:: TASK TO COMPLETE ::
A word-for-word copy of the data, pictures excluded, is what this task asks for.
[[ SUPPLIED MATERIAL, beginning ]]
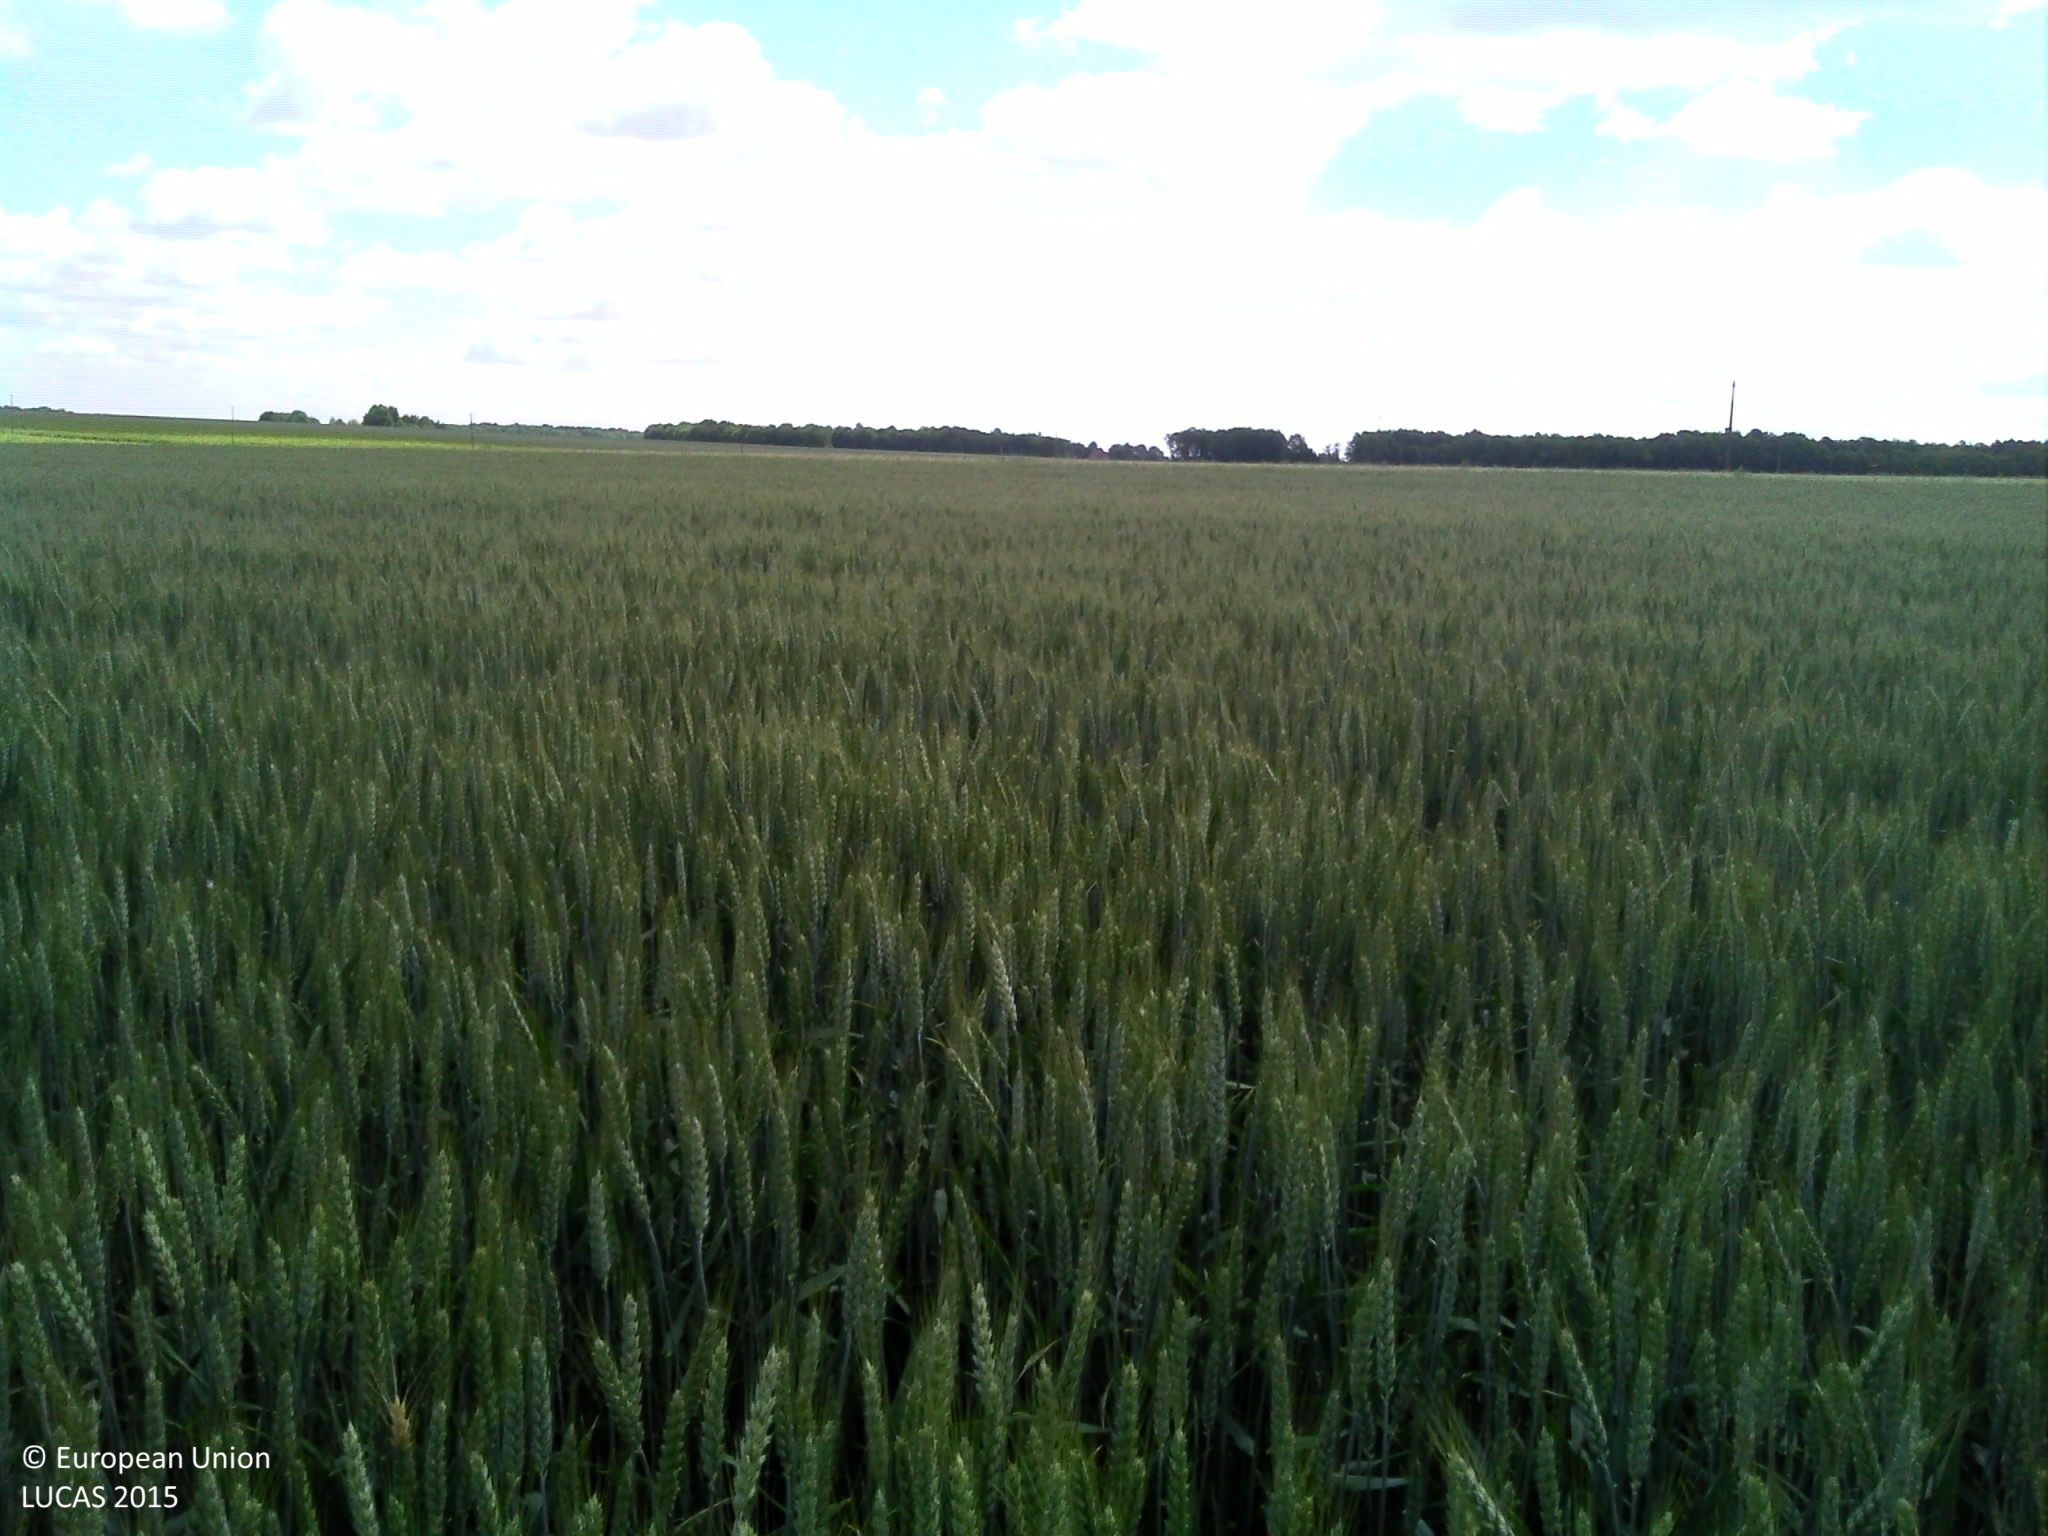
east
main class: Cropland
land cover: Durum wheat
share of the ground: > 75 %
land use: Agriculture (excluding fallow land and kitchen gardens)
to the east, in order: Durum wheat; Grass margins; Ditches and canals; Grass margins; Paved roads, cycling and walking lanes; Grass margins; Ditches and canals; Grass margins; Electric lines; Barley
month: May
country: FR
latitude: 47.2960
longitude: 1.0308
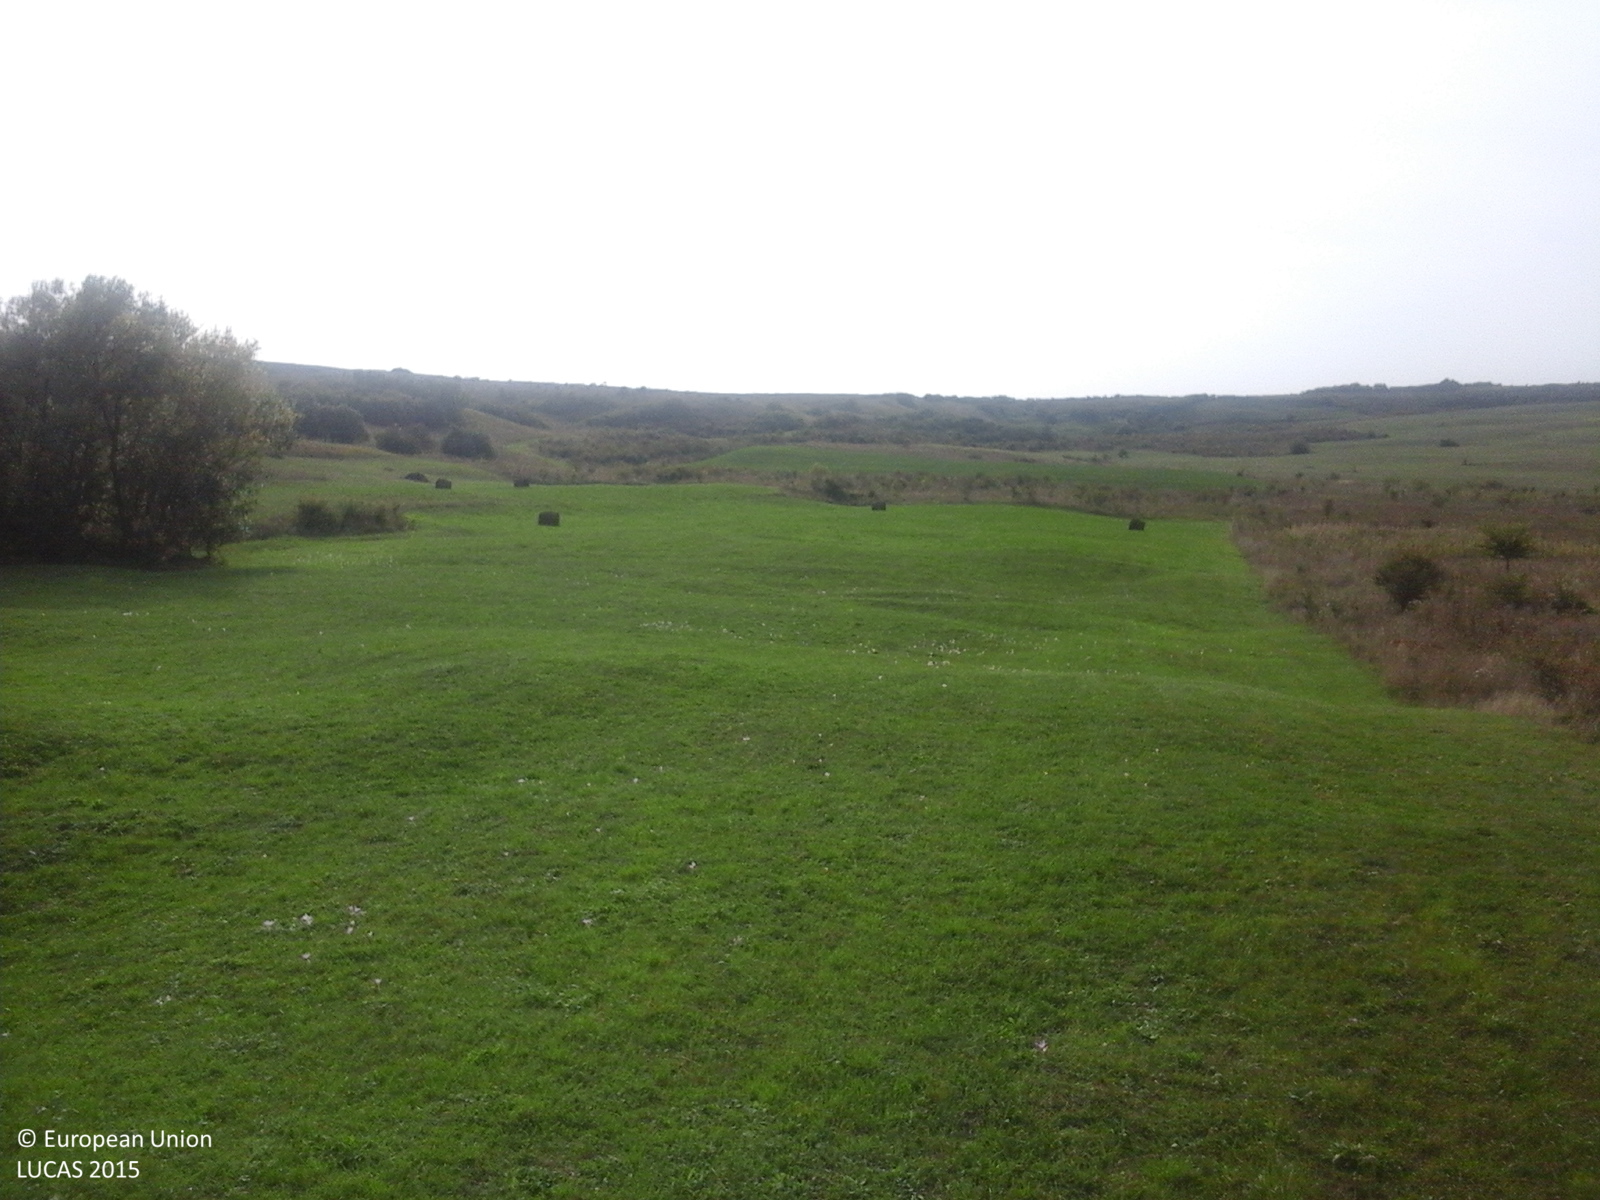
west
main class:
[[ SUPPLIED MATERIAL, end ]]
:: REPLY ::
east
main class: Cropland
land cover: Durum wheat
share of the ground: > 75 %
land use: Agriculture (excluding fallow land and kitchen gardens)
to the east, in order: Durum wheat; Grass margins; Ditches and canals; Grass margins; Paved roads, cycling and walking lanes; Grass margins; Ditches and canals; Grass margins; Electric lines; Barley
month: May
country: FR
latitude: 47.2960
longitude: 1.0308
west
main class:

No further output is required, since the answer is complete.